2. Appréciation de la preuve

[15]            Les demandeurs soutiennent que la décision n'était pas étayée par la preuve que l'agent avait à sa disposition. L'agent a mal interprété la preuve lorsqu'il a conclu que M. Lokusiriyage n'allait pas être exposé à un risque parce que ses prétendus agents de persécution s'étaient ralliés au parti auquel il adhérait. Il existe encore des adhérents de l'AP qui chercheront à lui faire du mal.


[16]            De plus, les demandeurs affirment que l'agent n'a pas tenu compte d'éléments de preuve selon lesquels les hommes de main continuaient à proférer des menaces à l'endroit de la famille de M. Lokusiriyage et avaient promis de le tuer s'il retournait au Sri Lanka : Owusu-Ansah c. Canada (Ministre de l'Emploi et de l'Immigration) (1989), 8 Imm. L.R. (2d) 106, aux pages 113 et 114 (C.A.F.).

[17]            Le défendeur soutient que l'agent pouvait raisonnablement tirer les conclusions qu'il a tirées. Parmi les éléments de preuve soumis, rien n'indiquait que M. Lokusiriyage occupait au sein du PNU une position importante qui l'exposerait à un risque particulièrement grand. En fait, la preuve révélait qu'il n'avait participé aux activités du PNU que pendant une période de six à sept mois. Aucune preuve documentaire ou autre n'a été présentée à l'appui de la prétention que les anciens membres de l'AP qui étaient devenus des membres du PNU persécutaient les membres du PNU. La seule preuve de la persécution commise par ces personnes se trouvait dans l'affidavit du père du demandeur, et l'agent a accordé peu de poids à cet élément de preuve, comme il lui était loisible de le faire.
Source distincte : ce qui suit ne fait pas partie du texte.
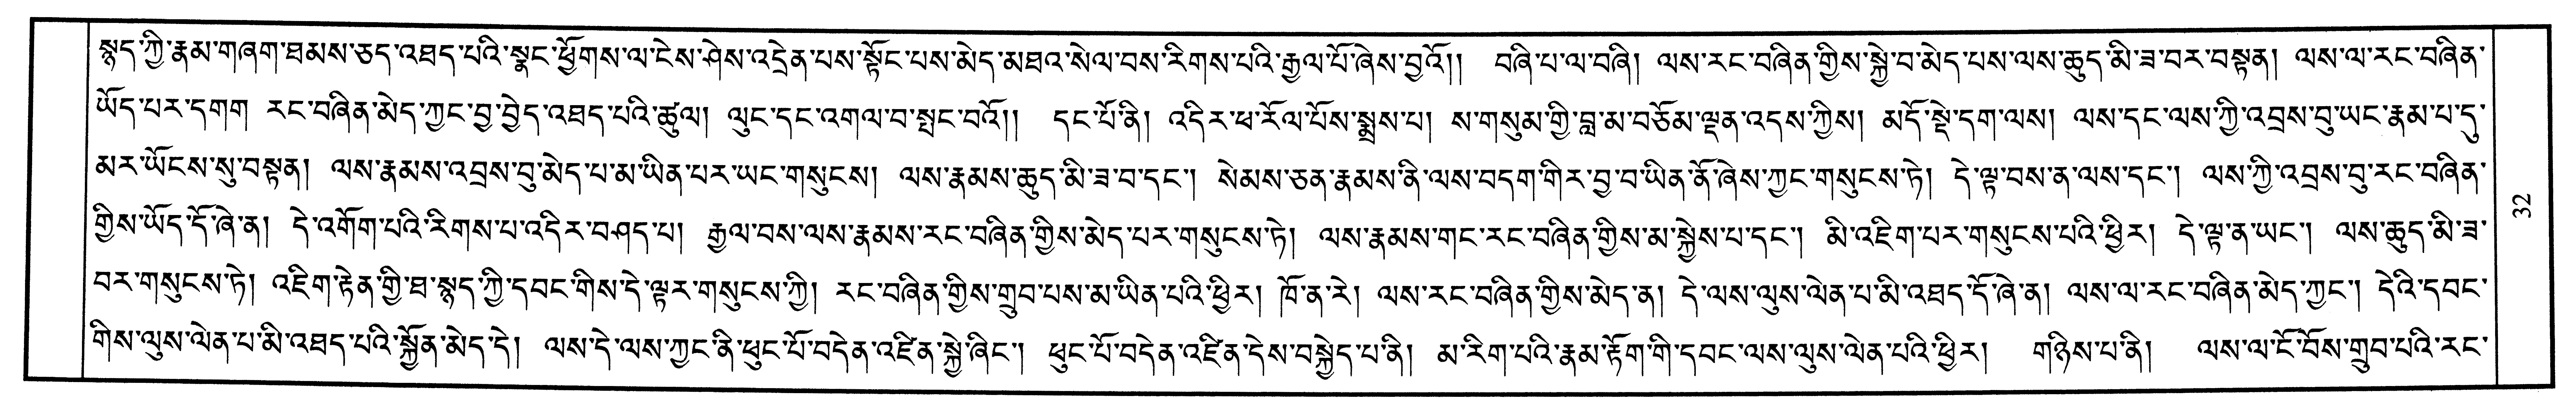སྙད་ཀྱི་རྣམ་གཞག་ཐམས་ཅད་འཐད་པའི་སྣང་ཕྱོགས་ལ་ངེས་ཤེས་འདྲེན་པས་སྟོང་པས་མེད་མཐའ་སེལ་བས་རིགས་པའི་རྒྱལ་པོ་ཞེས་བྱའོ། །བཞི་པ་ལ་བཞི། ལས་རང་བཞིན་གྱིས་སྐྱེ་བ་མེད་པས་ལས་ཆུད་མི་ཟ་བར་བསྟན། ལས་ལ་རང་བཞིན་
ཡོད་པར་དགག་རང་བཞིན་མེད་ཀྱང་བྱ་བྱེད་འཐད་པའི་ཚུལ། ལུང་དང་འགལ་བ་སྤང་བའོ། །དང་པོ་ནི། འདིར་ཕ་རོལ་པོས་སྨྲས་པ། ས་གསུམ་གྱི་བླ་མ་བཅོམ་ལྡན་འདས་ཀྱིས། མདོ་སྡེ་དག་ལས། ལས་དང་ལས་ཀྱི་འབྲས་བུ་ཡང་རྣམ་པ་དུ་
མར་ཡོངས་སུ་བསྟན། ལས་རྣམས་འབྲས་བུ་མེད་པ་མ་ཡིན་པར་ཡང་གསུངས། ལས་རྣམས་ཆུད་མི་ཟ་བ་དང་། སེམས་ཅན་རྣམས་ནི་ལས་བདག་གིར་བྱ་བ་ཡིན་ནོ་ཞེས་ཀྱང་གསུངས་ཏེ། དེ་ལྟ་བས་ན་ལས་དང་། ལས་ཀྱི་འབྲས་བུ་རང་བཞིན་
གྱིས་ཡོད་དོ་ཞེ་ན། དེ་འགོག་པའི་རིགས་པ་འདིར་བཤད་པ། རྒྱལ་བས་ལས་རྣམས་རང་བཞིན་གྱིས་མེད་པར་གསུངས་ཏེ། ལས་རྣམས་གང་རང་བཞིན་གྱིས་མ་སྐྱེས་པ་དང་། མི་འཇིག་པར་གསུངས་པའི་ཕྱིར། དེ་ལྟ་ན་ཡང་། ལས་ཆུད་མི་ཟ་
བར་གསུངས་ཏེ། འཇིག་རྟེན་གྱི་ཐ་སྙད་ཀྱི་དབང་གིས་དེ་ལྟར་གསུངས་ཀྱི། རང་བཞིན་གྱིས་གྲུབ་པས་མ་ཡིན་པའི་ཕྱིར། ཁོ་ན་རེ། ལས་རང་བཞིན་གྱིས་མེད་ན། དེ་ལས་ལུས་ལེན་པ་མི་འཐད་དོ་ཞེ་ན། ལས་ལ་རང་བཞིན་མེད་ཀྱང་། དེའི་དབང་
གིས་ལུས་ལེན་པ་མི་འཐད་པའི་སྐྱོན་མེད་དེ། ལས་དེ་ལས་ཀྱང་ནི་ཕུང་པོ་བདེན་འཛིན་སྐྱེ་ཞིང་། ཕུང་པོ་བདེན་འཛིན་དེས་བསྐྱེད་པ་ནི། མ་རིག་པའི་རྣམ་རྟོག་གི་དབང་ལས་ལུས་ལེན་པའི་ཕྱིར། གཉིས་པ་ནི། ལས་ལ་ངོ་བོས་གྲུབ་པའི་རང་

[18]            À mon avis, les demandeurs n'ont pas démontré que la décision de l'agent n'était pas étayée par la preuve ou que l'agent ne s'était pas acquitté de son obligation de tenir compte de tous les éléments de preuve qui lui ont été soumis : Hassan c. Canada (Ministre de l'Emploi et de l'Immigration) (1992), 147 N.R. 317 (C.A.F.); Huang c. Canada (Ministre de l'Emploi et de Immigration) (1993), 66 F.T.R. 178;Randhawa c. Canada (Ministre de la Citoyenneté et de l'Immigration) [1999] A.C.F. no 606.

[19]            La Cour doit faire preuve d'une grande retenue à l'égard des conclusions de l'agent concernant la situation dans le pays et la pertinence de ces conclusions par rapport à la situation des demandeurs : Suresh c. Canada (Ministre de la Citoyenneté et de l'Immigration), [2002] 1 R.C.S. 3; Ahani c. Canada (Ministre de la Citoyenneté et de l'Immigration), [2002] 1 R.C.S. 72; Sashitharan c.Canada (Ministre de la Citoyenneté et de l'Immigration), 2004 CF 1021.

[20]            En effet, les demandeurs veulent amener la Cour à apprécier la preuve d'une façon différente de celle qui sous-tend la conclusion de l'agent. Je ne trouve rien de manifestement déraisonnable dans les conclusions tirées par l'agent, et je dois donc rejeter la présente demande.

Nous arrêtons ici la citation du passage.